Warung kecil dengan tumpukan barang dagangan berserakan, menjuntai dari langit – langit hingga menyebar di lantai, penerangan seadanya, bahkan untuk mencari penjual pun kadang sulit, karena tersembunyi di sudut yang tak terlihat. Itulah keadaan Toko Merah milik Pak Slamet, 16 tahun lalu di Perumahan Pondok Surya Mandala, Bekasi, Jawa Barat. Kondisi warung berukuran 2 x 3 meter itu hampir sama dengan warung – warung pada umumnya saat itu.

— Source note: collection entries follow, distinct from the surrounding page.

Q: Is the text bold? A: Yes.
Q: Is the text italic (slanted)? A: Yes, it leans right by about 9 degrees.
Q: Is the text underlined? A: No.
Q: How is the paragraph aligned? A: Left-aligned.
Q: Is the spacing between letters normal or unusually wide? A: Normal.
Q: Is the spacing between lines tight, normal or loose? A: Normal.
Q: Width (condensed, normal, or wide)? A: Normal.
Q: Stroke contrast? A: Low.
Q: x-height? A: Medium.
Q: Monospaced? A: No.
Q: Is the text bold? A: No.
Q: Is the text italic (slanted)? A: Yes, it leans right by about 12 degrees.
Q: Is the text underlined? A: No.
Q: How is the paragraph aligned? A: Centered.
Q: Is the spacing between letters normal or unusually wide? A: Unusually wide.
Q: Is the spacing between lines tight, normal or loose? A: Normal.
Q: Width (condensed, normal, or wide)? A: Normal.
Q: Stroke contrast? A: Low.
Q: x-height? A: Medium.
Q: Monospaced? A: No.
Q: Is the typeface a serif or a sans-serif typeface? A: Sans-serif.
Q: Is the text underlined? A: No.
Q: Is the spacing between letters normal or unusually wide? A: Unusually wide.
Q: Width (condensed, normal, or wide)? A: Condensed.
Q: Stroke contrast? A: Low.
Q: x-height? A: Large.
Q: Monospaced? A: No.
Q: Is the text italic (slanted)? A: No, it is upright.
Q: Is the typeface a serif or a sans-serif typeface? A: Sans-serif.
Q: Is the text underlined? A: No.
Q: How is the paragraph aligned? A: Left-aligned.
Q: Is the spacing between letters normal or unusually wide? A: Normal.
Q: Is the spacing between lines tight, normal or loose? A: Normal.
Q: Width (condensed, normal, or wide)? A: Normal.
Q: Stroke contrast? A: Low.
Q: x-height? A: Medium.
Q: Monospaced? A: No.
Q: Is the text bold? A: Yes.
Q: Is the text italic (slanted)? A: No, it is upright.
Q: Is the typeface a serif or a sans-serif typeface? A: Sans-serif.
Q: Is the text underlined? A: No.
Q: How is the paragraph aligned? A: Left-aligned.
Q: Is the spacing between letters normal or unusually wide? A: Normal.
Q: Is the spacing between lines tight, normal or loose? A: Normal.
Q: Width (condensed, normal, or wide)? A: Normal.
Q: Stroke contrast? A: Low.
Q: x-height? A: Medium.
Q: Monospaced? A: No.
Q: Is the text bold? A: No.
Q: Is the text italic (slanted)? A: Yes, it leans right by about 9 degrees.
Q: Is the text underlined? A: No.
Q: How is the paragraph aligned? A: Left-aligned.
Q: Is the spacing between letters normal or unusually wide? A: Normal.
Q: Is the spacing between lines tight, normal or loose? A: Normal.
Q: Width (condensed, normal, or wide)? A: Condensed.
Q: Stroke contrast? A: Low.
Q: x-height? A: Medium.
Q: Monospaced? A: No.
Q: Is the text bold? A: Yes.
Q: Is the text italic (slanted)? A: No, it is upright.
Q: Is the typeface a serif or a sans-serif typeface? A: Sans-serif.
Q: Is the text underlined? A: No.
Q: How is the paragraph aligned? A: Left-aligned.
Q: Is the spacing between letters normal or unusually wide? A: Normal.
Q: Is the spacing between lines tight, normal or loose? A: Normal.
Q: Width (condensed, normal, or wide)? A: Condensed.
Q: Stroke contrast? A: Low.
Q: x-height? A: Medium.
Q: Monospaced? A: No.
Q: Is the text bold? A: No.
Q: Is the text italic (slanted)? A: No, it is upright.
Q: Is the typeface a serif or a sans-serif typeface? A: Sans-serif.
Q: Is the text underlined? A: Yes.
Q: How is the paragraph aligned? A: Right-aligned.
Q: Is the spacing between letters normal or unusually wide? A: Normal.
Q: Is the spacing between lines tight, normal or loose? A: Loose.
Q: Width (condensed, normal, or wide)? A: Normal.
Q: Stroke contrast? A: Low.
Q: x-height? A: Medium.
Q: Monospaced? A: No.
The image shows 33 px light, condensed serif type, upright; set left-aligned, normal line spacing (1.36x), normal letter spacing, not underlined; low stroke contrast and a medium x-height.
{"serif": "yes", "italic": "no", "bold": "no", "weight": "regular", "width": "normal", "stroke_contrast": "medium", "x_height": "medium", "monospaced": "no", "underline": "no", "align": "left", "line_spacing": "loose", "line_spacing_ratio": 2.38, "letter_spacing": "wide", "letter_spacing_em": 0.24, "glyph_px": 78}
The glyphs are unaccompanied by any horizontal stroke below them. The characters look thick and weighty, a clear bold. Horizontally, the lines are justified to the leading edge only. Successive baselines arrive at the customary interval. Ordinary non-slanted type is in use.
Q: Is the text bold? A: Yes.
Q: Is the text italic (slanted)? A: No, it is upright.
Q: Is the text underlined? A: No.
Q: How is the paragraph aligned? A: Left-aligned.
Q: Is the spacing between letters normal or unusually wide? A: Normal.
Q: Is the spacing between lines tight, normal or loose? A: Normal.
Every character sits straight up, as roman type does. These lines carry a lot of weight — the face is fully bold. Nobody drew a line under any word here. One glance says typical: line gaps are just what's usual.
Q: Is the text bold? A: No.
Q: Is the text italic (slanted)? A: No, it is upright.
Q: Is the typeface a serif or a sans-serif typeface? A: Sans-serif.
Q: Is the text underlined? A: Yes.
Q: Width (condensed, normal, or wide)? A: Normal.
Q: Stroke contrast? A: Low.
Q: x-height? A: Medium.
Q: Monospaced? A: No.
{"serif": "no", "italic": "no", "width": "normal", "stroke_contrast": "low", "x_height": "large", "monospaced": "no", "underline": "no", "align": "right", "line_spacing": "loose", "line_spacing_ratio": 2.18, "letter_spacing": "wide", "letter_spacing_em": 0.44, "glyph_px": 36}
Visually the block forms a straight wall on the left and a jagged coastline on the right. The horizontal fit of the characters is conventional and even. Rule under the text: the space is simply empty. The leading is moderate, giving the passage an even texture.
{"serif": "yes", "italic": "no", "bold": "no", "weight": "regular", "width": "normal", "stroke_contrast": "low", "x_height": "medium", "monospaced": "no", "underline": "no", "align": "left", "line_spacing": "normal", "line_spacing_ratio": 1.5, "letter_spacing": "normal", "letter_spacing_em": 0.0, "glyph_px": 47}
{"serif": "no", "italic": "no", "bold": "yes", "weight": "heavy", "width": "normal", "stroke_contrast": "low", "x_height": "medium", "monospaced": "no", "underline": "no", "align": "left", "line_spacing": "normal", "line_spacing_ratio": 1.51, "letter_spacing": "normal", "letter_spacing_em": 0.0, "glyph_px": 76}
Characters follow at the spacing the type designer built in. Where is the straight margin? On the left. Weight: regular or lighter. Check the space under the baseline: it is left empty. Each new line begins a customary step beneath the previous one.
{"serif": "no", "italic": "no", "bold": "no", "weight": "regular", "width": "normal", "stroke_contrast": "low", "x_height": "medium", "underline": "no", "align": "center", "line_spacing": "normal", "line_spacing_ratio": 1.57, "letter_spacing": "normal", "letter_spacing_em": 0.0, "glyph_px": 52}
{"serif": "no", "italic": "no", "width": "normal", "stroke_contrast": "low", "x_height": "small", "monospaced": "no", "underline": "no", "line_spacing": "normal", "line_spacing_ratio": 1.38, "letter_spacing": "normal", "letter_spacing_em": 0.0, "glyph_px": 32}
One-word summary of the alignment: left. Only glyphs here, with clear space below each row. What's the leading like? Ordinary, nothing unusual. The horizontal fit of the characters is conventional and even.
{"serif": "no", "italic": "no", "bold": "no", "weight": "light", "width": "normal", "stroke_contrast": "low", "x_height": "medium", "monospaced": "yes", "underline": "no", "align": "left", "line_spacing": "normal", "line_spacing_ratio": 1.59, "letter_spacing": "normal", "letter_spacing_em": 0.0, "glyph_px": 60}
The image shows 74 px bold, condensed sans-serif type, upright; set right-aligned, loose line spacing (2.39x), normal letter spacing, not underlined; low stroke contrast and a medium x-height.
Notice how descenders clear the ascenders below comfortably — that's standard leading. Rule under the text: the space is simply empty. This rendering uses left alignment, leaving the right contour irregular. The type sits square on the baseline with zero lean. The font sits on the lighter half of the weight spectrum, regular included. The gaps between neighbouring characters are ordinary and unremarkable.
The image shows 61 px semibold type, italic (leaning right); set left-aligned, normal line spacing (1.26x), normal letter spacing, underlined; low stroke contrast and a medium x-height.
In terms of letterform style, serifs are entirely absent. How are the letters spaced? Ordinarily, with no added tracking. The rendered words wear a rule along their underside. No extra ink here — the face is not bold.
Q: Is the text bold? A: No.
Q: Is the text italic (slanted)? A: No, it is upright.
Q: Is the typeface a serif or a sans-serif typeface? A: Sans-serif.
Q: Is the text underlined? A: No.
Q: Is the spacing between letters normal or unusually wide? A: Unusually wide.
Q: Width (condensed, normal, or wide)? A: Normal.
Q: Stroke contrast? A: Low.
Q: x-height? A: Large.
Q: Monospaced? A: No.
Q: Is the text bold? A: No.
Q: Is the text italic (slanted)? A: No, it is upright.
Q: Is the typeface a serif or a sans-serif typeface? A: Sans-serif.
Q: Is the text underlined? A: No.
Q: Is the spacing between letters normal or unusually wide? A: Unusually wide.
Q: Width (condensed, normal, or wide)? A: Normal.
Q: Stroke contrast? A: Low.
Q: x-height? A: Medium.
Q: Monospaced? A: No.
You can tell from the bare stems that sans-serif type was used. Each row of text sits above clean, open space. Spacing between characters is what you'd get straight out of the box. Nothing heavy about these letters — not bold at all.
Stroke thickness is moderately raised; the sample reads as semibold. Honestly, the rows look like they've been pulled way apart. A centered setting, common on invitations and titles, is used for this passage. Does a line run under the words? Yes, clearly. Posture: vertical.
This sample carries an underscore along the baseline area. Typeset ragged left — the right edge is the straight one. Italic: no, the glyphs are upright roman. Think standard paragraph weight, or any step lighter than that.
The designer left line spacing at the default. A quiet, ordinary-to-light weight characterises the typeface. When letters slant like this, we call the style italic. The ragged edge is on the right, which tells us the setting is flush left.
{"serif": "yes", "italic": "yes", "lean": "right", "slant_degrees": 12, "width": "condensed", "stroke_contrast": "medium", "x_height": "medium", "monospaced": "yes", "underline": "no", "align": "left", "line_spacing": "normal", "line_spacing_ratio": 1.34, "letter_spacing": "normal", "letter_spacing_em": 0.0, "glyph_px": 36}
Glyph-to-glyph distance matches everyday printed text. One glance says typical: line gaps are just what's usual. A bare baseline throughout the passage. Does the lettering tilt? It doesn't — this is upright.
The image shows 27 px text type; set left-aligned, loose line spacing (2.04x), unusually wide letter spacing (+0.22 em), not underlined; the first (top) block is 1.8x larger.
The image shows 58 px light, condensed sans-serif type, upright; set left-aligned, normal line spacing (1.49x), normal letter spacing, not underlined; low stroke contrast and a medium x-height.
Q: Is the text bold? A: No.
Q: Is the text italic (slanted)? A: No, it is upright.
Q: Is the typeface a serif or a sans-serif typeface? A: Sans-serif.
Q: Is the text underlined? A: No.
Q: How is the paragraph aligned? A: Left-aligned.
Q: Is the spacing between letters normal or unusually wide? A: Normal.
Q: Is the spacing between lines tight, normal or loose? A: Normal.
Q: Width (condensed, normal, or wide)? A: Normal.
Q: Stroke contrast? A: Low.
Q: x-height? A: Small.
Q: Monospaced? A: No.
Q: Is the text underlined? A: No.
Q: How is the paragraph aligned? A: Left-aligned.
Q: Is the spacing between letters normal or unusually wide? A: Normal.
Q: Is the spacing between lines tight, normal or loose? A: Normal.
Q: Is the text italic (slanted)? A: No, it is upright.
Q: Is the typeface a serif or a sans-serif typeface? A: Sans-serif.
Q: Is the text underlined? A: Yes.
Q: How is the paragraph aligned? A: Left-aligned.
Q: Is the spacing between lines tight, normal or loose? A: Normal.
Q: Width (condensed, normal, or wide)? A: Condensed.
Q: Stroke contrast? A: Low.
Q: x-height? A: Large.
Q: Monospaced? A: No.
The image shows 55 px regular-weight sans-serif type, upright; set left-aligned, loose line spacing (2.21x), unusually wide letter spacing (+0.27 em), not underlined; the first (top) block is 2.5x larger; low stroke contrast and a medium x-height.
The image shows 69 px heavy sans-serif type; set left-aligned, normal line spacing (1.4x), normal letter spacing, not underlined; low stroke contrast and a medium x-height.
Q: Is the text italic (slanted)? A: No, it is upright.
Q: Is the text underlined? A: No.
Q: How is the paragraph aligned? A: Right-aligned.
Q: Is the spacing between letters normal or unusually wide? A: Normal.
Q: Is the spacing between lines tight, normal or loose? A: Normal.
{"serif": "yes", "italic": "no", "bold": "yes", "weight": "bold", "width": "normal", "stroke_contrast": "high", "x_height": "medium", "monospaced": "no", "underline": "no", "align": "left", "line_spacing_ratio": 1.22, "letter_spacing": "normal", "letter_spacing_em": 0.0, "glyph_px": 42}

Kini, Toko Merah menjelma menjadi sebuah toko modern yang membuat bangga pria kelahiran Karanganyar, Solo, Jawa Tengah ini. Butuh setidaknya 4 tahun bagi Slamet untuk merubah warung kecilnya menjadi sebuah toko. Transformasi warung menjadi toko merupakan buah dari kombinasi sikap positif seorang Slamet dimasa awal usahanya, mulai dari sikap berani keluar dari zona nyaman, terbuka pada perubahan, rajin menggali ilmu baru, dan keinginan kuat untuk maju.
Usaha warung mulai dijalankan Slamet bersama istrinya sejak tahun 2005. Waktu itu modal awalnya adalah Rp 1,5 juta. Pada hari pertama berjualan, omzet jualannya mencapai Rp 200.000. “Itu besar sekali, bandingkan dengan modalnya. Saya sangat bersyukur, baru buka sudah dapat Rp 200.000. Waktu itu, warga di sekitar warung menyebutkan dengan Warung Merah karena dicat merah. Setahun kemudian dari laba yang ada, kami tambah stok barang,” ujarnya dalam acara Webinar Media Virtual Tour 2021, bersama Jakarta Editor Media Forum (JEMF), Kamis (11/2/2021).
Saat itu, toko – toko modern tumbuh menjamur sebagai waralaba dimana – mana, termasuk di kawasan sekitar Warung Merah. Namun, Slamet tidak gentar. Bekal berbagai kursus dan bimbingan berbagai pihak yang telah dia dapatkan sebelumnya benar – benar dia terapkan Bersama istri tercinta. Bekal ilmu untuk mengubah warung sederhana dan tradisional menjadi toko modern yang terang benderang, tertata rapi, bersih dan nyaman bagi pembeli telah dia miliki, hingga Slamet berani menambah luas toko nya. Tahun 2009, warung kecil itu berubah menjadi sebuah toko, dan nama pun berubah menjadi Toko Merah.
Bertransformasi
Kisah bisnis Slamet selama 16 tahun merupakan potret perjalanan sebuah warung yang bertransformasi dalam menghadapi berbagai tantangan dan kendala. Termasuk pada saat Slamet membutuhkan dukungan dana untuk modal memperbesar warungnya.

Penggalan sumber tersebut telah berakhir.